We first introduce two notions of rank: the Jacobian rank Rank J (f ) = max x Rank [Jf (x)] and the Bottleneck rank Rank BN (f ) which is the smallest integer k such that f can be factorized f = h • g with inner dimension k. In general, Rank J (f ) ≤ Rank BN (f ), but for functions of the form f = ψ • A • ϕ (for a linear map A and two bijections ψ and ϕ), we have Rank J (f ) = Rank BN (f ) = RankA. These two notions of rank satisfy the properties (1) Rankf ∈ Z; (2) Rank(f • g) ≤ min{Rankf, Rankg}; (3) Rank(f + g) ≤ Rankf + Rankg; (4) Rank(x → Ax + b) = RankA. We then show that in the infinite depth limit L → ∞ the rescaled representation cost of DNNs with a general homogeneous nonlinearity is sandwiched between the Jacobian and Bottleneck ranks: Rank J (f ) ≤ lim L→∞ R(f ) L ≤ Rank BN (f ) . Furthermore lim L→∞ R(f ) satisfies properties (2-4) above. We also conjecture that the limiting representation cost equals its upper bound Rank BN (f ). We then study how this bias towards low-rank functions translates to finite but large depths. We first show that for large depths the rescaled norm of the parameters ∥ Ŵ∥ 2 /L at any global minimum Ŵ is upper bounded by 1 + C N /L for a constant C N which depends on the training points. This implies that the resulting function has approximately rank 1 w.r.t. the Jacobian and Bottleneck ranks. This is however problematic if we are trying to fit a 'true function' f * whose 'true rank' k = Rank BN f * is larger than 1. Thankfully we show that if k > 1 the constant C N explodes as N → ∞, so that the above bound ( ∥ Ŵ∥ 2 /L ≤ 1+ C N /L) is relevant only for very large depths when N is large. We show another upper bound ∥ Ŵ∥ 2 /L ≤ k + C /L with a constant C independent of N , suggesting the existence of a range of intermediate depths where the network recovers the true rank k. Finally, we discuss how rank recovery affects the topology of decision boundaries in classification and leads autoencoders to naturally be denoising, which we confirm with numerical experiments.

RELATED WORKS

The implicit bias of deep homogeneous networks has, to our knowledge, been much less studied than those of either linear networks or shallow nonlinear ones. (Ongie & Willett, 2022) study deep networks with only one nonlinear layer (all others being linear). Similarly (Le & Jegelka, 2022) show a low-rank alignment phenomenon in a network whose last layers are linear.

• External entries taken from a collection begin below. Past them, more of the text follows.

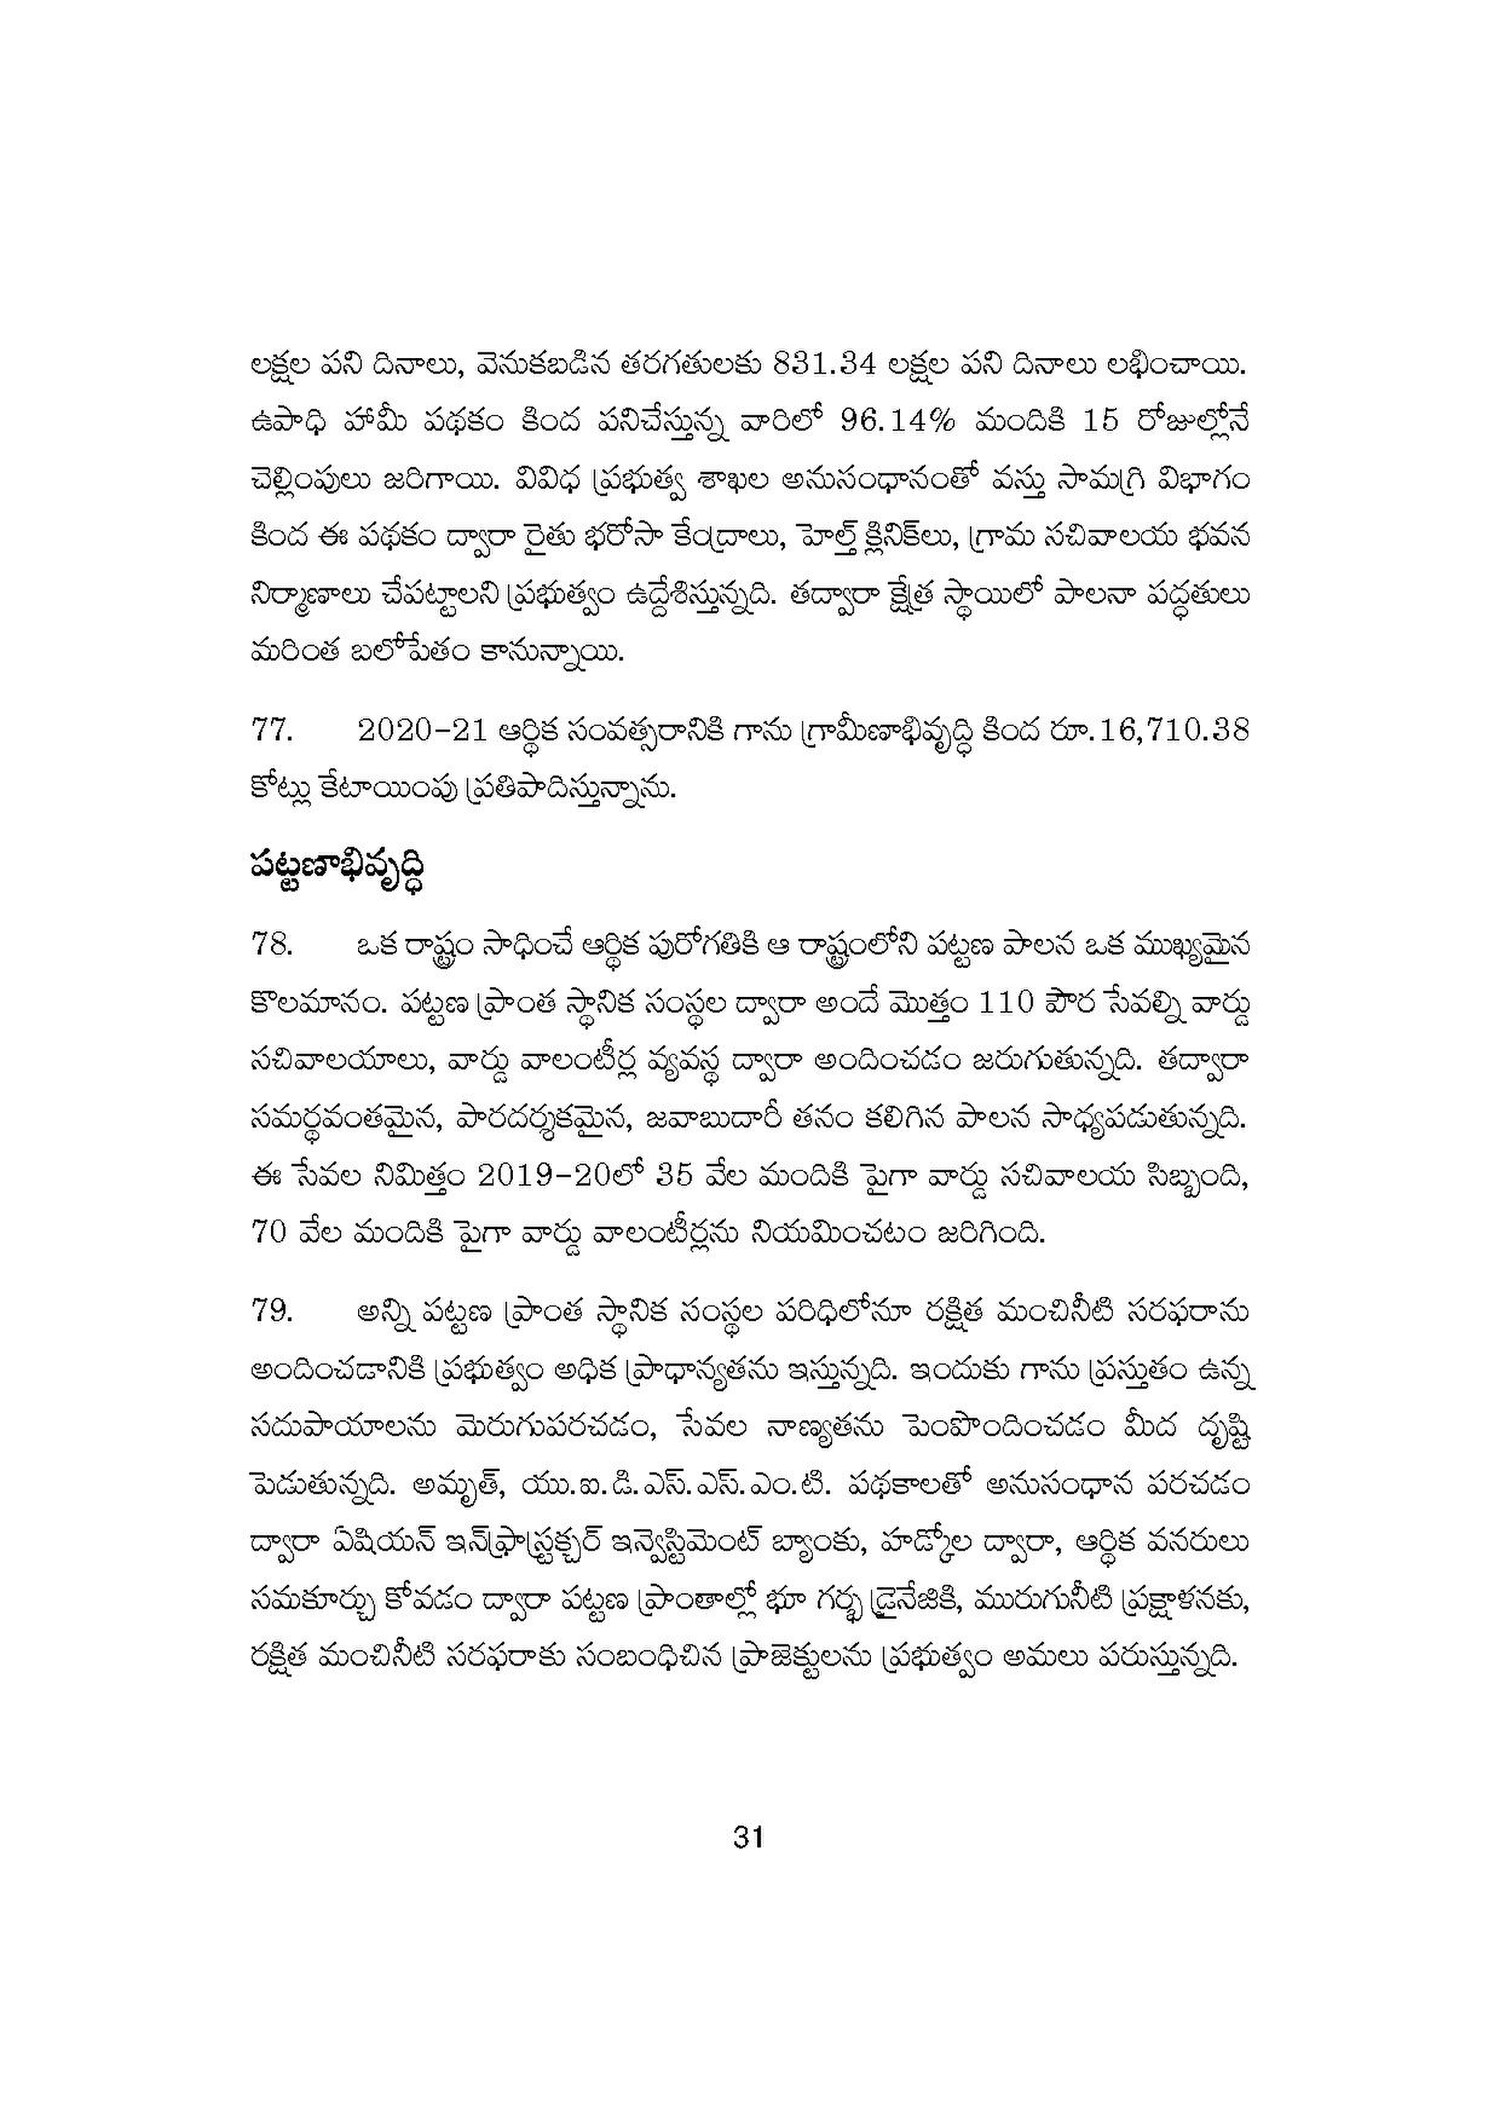లక్షల పని దినాలు, వెనుకబడిన తరగతులకు 831.34 లక్షల పని దినాలు లభించాయి. ఉపాధి హామీ పథకం కింద పనిచేస్తున్న వారిలో 96.14% మందికి 15 రోజుల్లోనే చెల్లింపులు జరిగాయి. వివిధ ప్రభుత్వ శాఖల అనుసంధానంతో వస్తు సామగ్రి విభాగం కింద ఈ పథకం ద్వారా రైతు భరోసా కేంద్రాలు, హెల్త్ క్లినిక్లు, గ్రామ సచివాలయ భవన నిర్మాణాలు చేపట్టాలని ప్రభుత్వం ఉద్దేశిస్తున్నది. తద్వారా క్షేత్ర స్థాయిలో పాలనా పద్ధతులు మరింత బలోపేతం కానున్నాయి. 

77. 2020-21 ఆర్థిక సంవత్సరానికి గాను గ్రామీణాభివృద్ధి కింద రూ.16,710.38 కోట్లు కేటాయింపు ప్రతిపాదిస్తున్నాను. 

పట్టణాభివృద్ధి 

78. ఒక రాష్ట్రం సాధించే ఆర్థిక పురోగతికి ఆ రాష్ట్రంలోని పట్టణ పాలన ఒక ముఖ్యమైన కొలమానం. పట్టణ ప్రాంత స్థానిక సంస్థల ద్వారా అందే మొత్తం 110 పౌర సేవల్ని వార్డు సచివాలయాలు, వార్డు వాలంటీర్ల వ్యవస్థ ద్వారా అందించడం జరుగుతున్నది. తద్వారా సమర్థవంతమైన, పారదర్శకమైన, జవాబుదారీ తనం కలిగిన పాలన సాధ్యపడుతున్నది. ఈ సేవల నిమిత్తం 2019-20లో 35 వేల మందికి పైగా వార్డు సచివాలయ సిబ్బంది, 70 వేల మందికి పైగా వార్డు వాలంటీర్లను నియమించటం జరిగింది. 

79. అన్ని పట్టణ ప్రాంత స్థానిక సంస్థల పరిధిలోనూ రక్షిత మంచినీటి సరఫరాను అందించడానికి ప్రభుత్వం అధిక ప్రాధాన్యతను ఇస్తున్నది. ఇందుకు గాను ప్రస్తుతం ఉన్న సదుపాయాలను మెరుగుపరచడం, సేవల నాణ్యతను పెంపొందించడం మీద దృష్టి పెడుతున్నది. అమృత్, యు.ఐ. డి.ఎస్.ఎస్.ఎం.టి. పథకాలతో అనుసంధాన పరచడం ద్వారా ఏషియన్ ఇన్‌ఫ్రాస్ట్రక్చర్ ఇన్వెస్టిమెంట్ బ్యాంకు, హడ్కోల ద్వారా, ఆర్థిక వనరులు సమకూర్చుకోవడం ద్వారా పట్టణ ప్రాంతాల్లో భూ గర్భ డ్రైనేజికి, మురుగునీటి ప్రక్షాళనకు, రక్షిత మంచినీటి సరఫరాకు సంబంధిచిన ప్రాజెక్టులను ప్రభుత్వం అమలు పరుస్తున్నది.
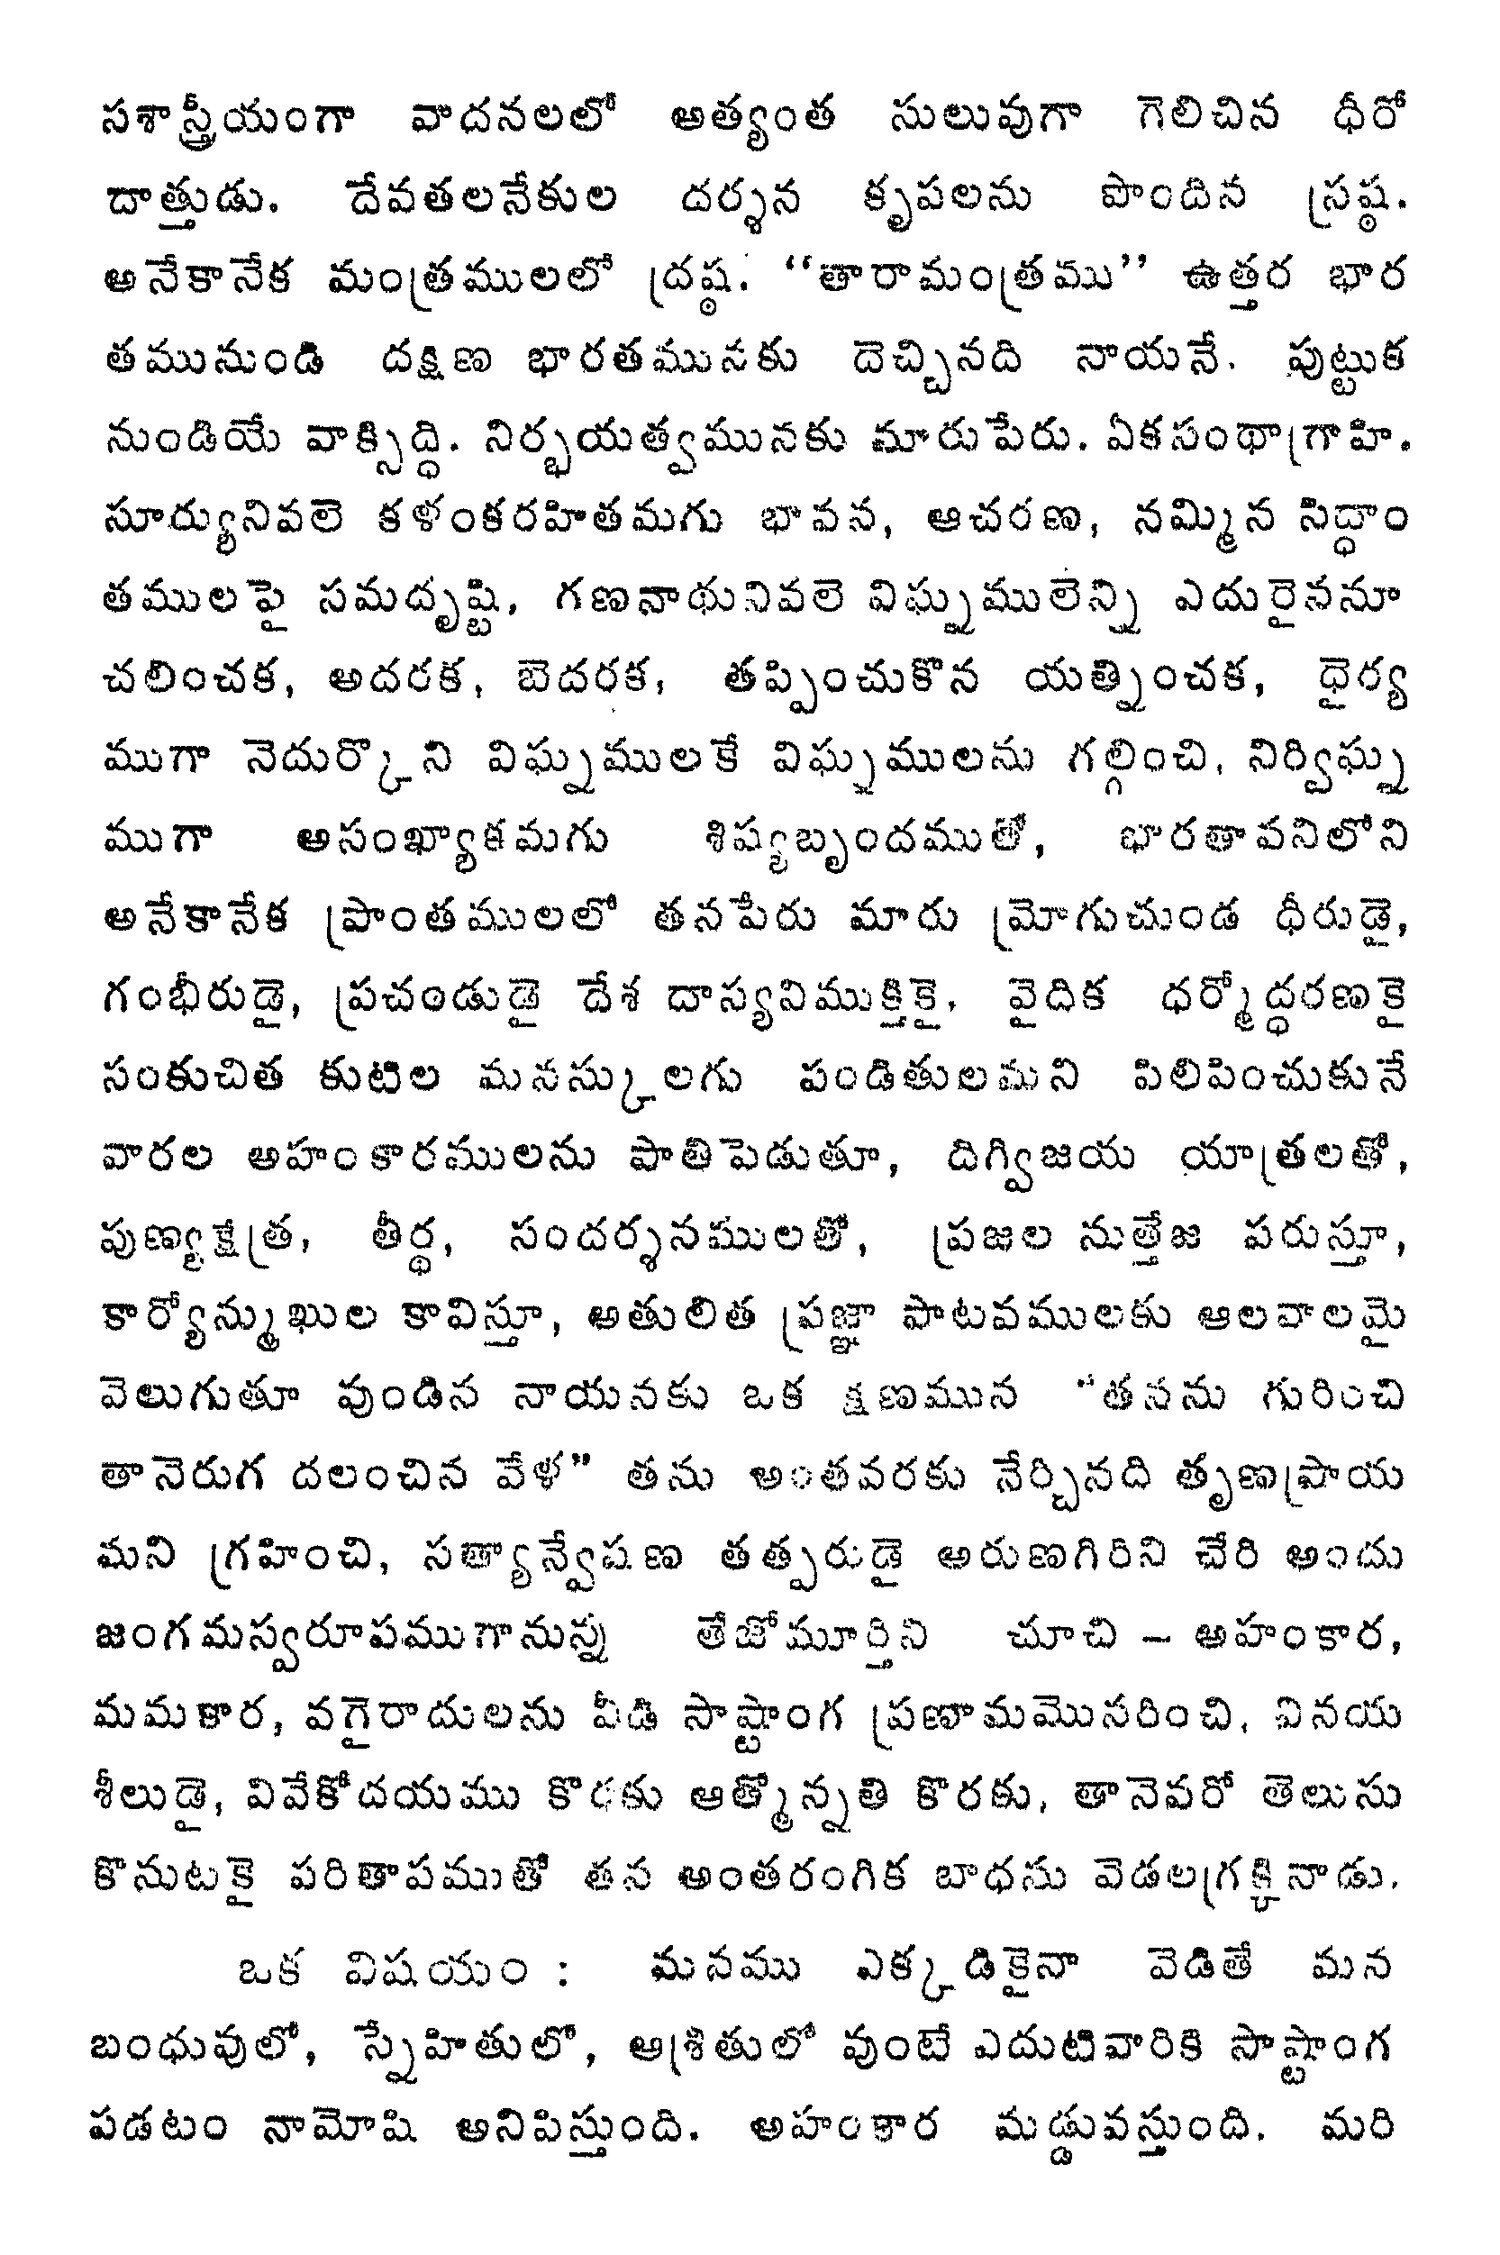సశాస్త్రీయంగా వాదనలలో అత్యంత సులువుగా గెలిచిన ధీరోదాత్తుడు. దేవతలనేకుల దర్శన కృపలను పొందిన స్రష్ఠ. అనేకానేక మంత్రములలో ద్రష్ఠ. " తారామంత్రము" ఉత్తర భారతమునుండి దక్షిణ భారతమునకు దెచ్చినది నాయనే. పుట్టుక నుండియే వాక్సిద్ది, నిర్భయత్వమునకు మారుపేరు. ఏకసంథాగ్రాహి. సూర్యునివలె కళంకరహితమగు భావన, ఆచరణ, నమ్మిన సిద్దాంతములపై సమదృష్టి, గణనాథునివలె విఘ్నములెన్ని ఎదురైననూ చలించక, అదరక, బెదరక, తప్పించుకొన యత్నించక, ధైర్యముగా నెదుర్కొని విఘ్నములకే విఘ్నములను గల్గించి. నిర్విఘ్నముగా అసంఖ్యాకమగు శిష్యబృందముతో, భారతావనిలోని అనేకానేక ప్రాంతములలో తనపేరు మారు మ్రోగుచుండ ధీరుడై, గంభీరుడై, ప్రచండుడై దేశ దాస్యవిముక్తికై, వైదిక ధర్మోద్ధరణకై సంకుచిత కుటిల మనస్కులగు పండితులమని పిలిపించుకునే వారల అహంకారములను పాతిపెడుతూ, దిగ్విజయ యాత్రలతో, పుణ్యక్షేత్ర, తీర్థ, సందర్శనములతో, ప్రజల నుత్తేజ పరుస్తూ, కార్యోన్ముఖుల కావిస్తూ, అతులిత ప్రజ్ఞా పాటవములకు ఆలవాలమై వెలుగుతూ వుండిన నాయనకు ఒక క్షణమున "తనను గురించి తానెరుగ దలంచిన వేళ" తను అంతవరకు నేర్చినది తృణప్రాయమని గ్రహించి, సత్యాన్వేషణ తత్పరుడై అరుణగిరిని చేరి అందు జంగమస్వరూపముగానున్న తేజోమూర్తిని చూచి - అహంకార, మమకార, వగైరాదులను వీడి సాష్టాంగ ప్రణామమొనరించి, వినయ శీలుడై, వివేకోదయము కొరకు ఆత్మోన్నతి కొరకు, తానెవరో తెలుసు కొనుటకై పరితాపముతో తన అంతరంగిక బాధను వెడలగ్రక్కినాడు.

ఒక విషయం : మనము ఎక్కడికైనా వెడితే మన బంధువులో, స్నేహితులో, ఆశ్రితులో వుంటే ఎదుటివారికి సాష్టాంగ పడటం నామోషి అనిపిస్తుంది. అహంకార మడ్డువస్తుంది. మరి

Closer to our setup is the analysis of the representation cost of deep homogeneous networks in (Jacot et al., 2022b) , which gives two reformulations for the optimization in the definition of the representation cost, with some implications on the sparsity of the representations, though the infinite depth limit is not studied. A very similar analysis of the sparsity effect of large depth on the global minima of L 2 -regularized networks is given in (Timor et al., 2022) , however, they only show how the optimal weight matrices are almost rank 1 (and only on average), while we show low-rank properties of the learned function, as well as the existence of a layer with almost rank 1 hidden representations.